Having thus traversed a path through an ontological distortion, by way of disciplinary signposts I have arrived into a zone whose structuring core seems to me to be that of capital. Abstaining once more from ascribing to the latter ontological priority I will note that the imbrication of geography and capital has been noted not only by radical geographers but by mainstream writers such as Allen Scott who maintains that geography „is not simply a passive frame of refernce, but an active ingrediant in economic developement and growth“ (Scott 2006:83). I readily concede this point. What I find it harder to accept is the apodicticity of tha political claims made for the spatial turn such as we recognize in David Harvey who maintains that the junction between geography and social theory „is one of the crucial flash-points for the crystalization of new conceptions of the world and new possibilities for active intervention“ (Harvey 2001:118). Although my own arguing for the potential that the concept of zoning has is clearly aligned with such a position, I harbor strong doubts about possibilities for intervention and change.
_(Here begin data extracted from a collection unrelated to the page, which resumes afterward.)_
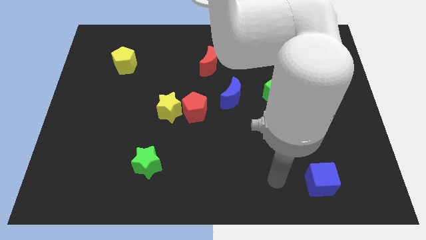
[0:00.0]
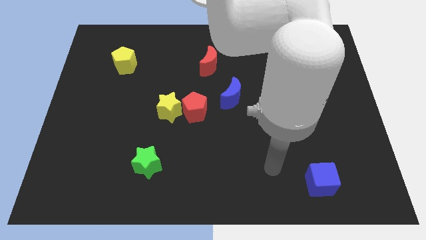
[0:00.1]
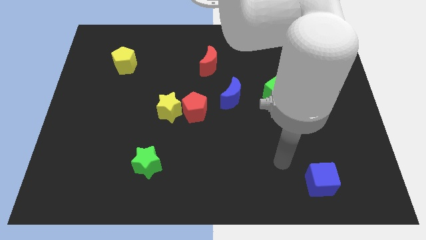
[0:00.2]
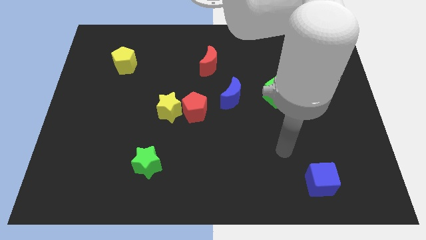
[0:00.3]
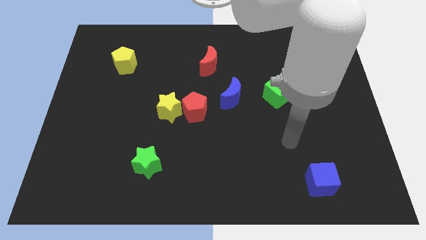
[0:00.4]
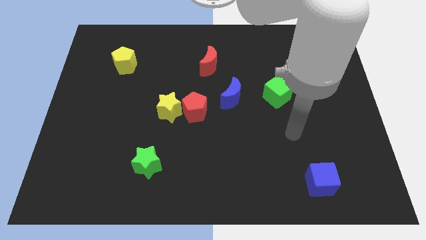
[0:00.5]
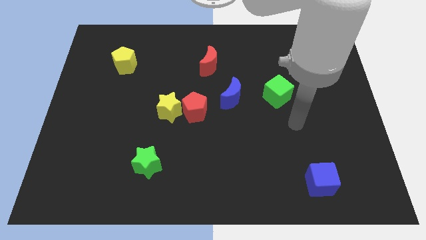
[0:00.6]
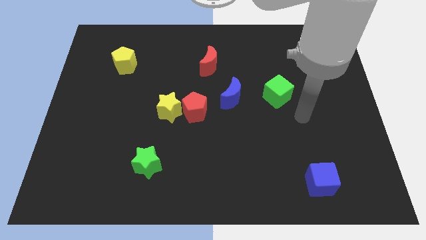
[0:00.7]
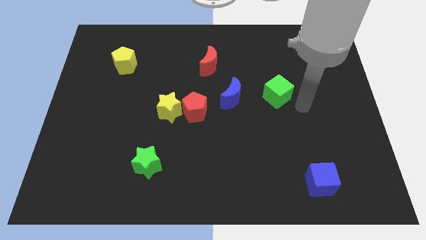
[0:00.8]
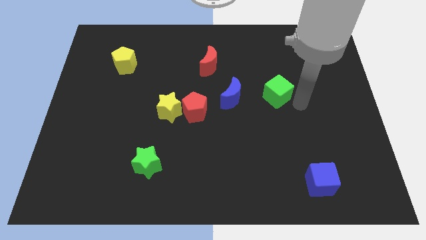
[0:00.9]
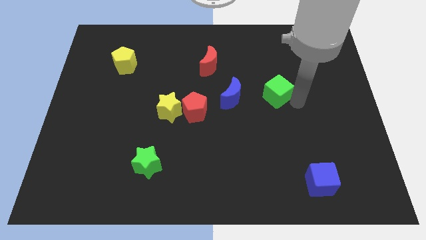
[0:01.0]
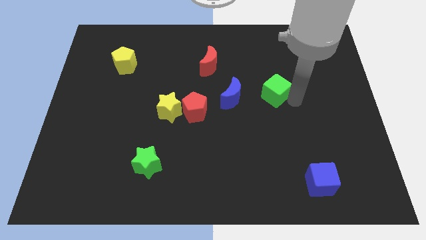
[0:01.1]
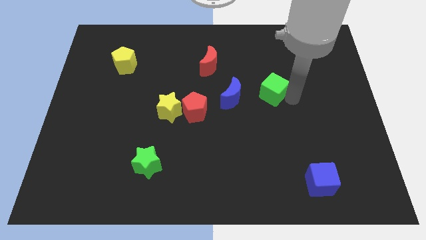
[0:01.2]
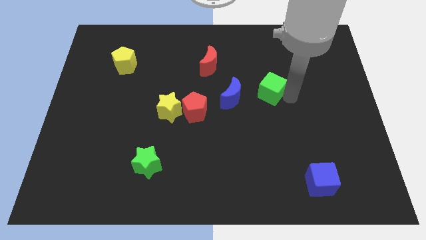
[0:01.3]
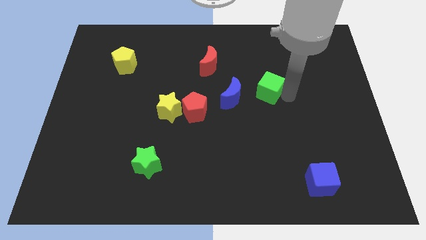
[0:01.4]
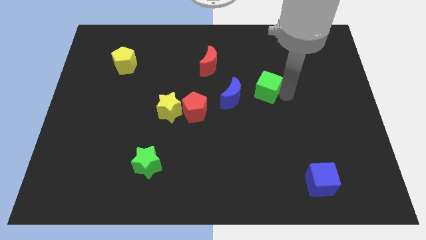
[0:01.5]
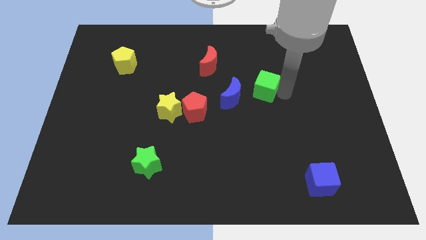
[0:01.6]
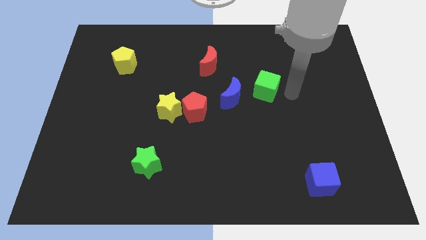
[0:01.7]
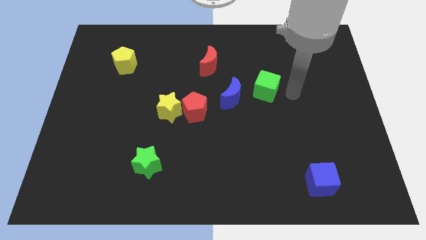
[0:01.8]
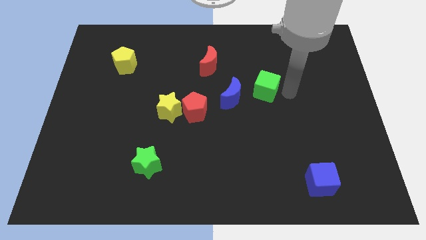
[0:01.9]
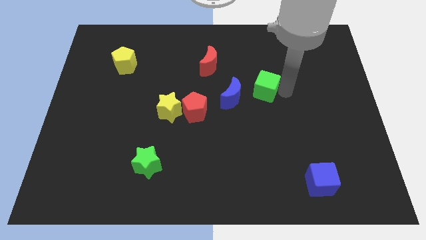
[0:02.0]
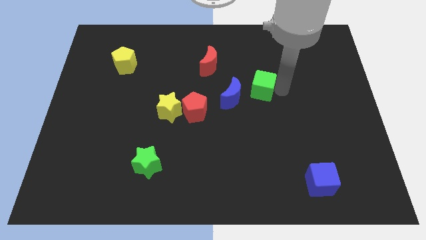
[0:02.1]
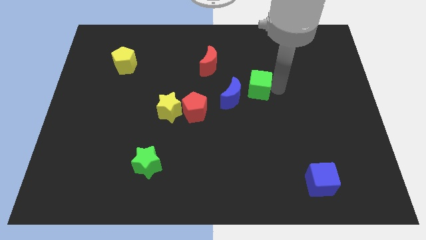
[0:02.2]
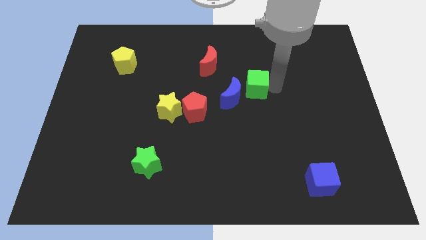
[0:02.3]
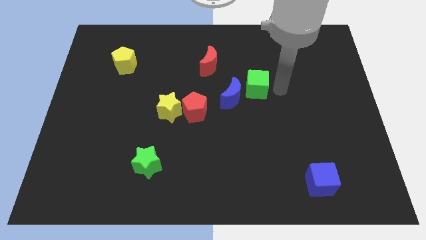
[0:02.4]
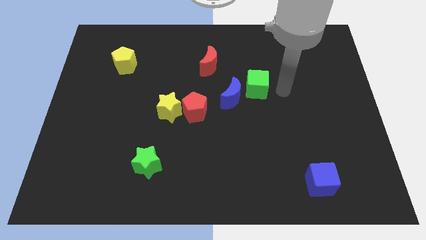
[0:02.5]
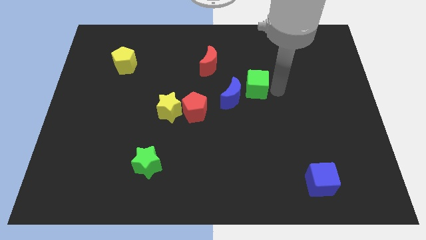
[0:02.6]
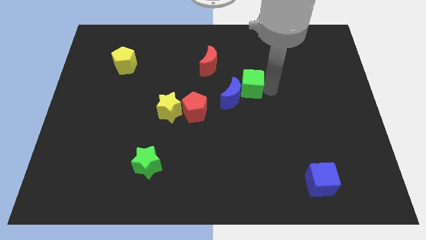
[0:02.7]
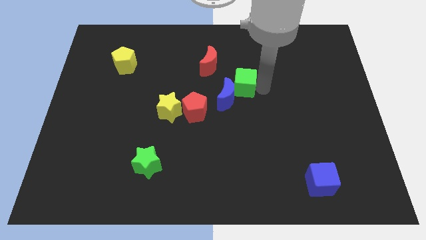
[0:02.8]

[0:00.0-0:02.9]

The powers that be are producing spaces and using them to their advantage with an unprecedented intensity and scope without needing to engage the theoretical ramifications of land, property and place. It is my opinion that how the knowledge the spatial turn has produced might be employed will not be decided by its a priori political positioning and its attendant commitments but by contextual and local factors amongst which is the freedom of choice of the individual dwelling in a particular place.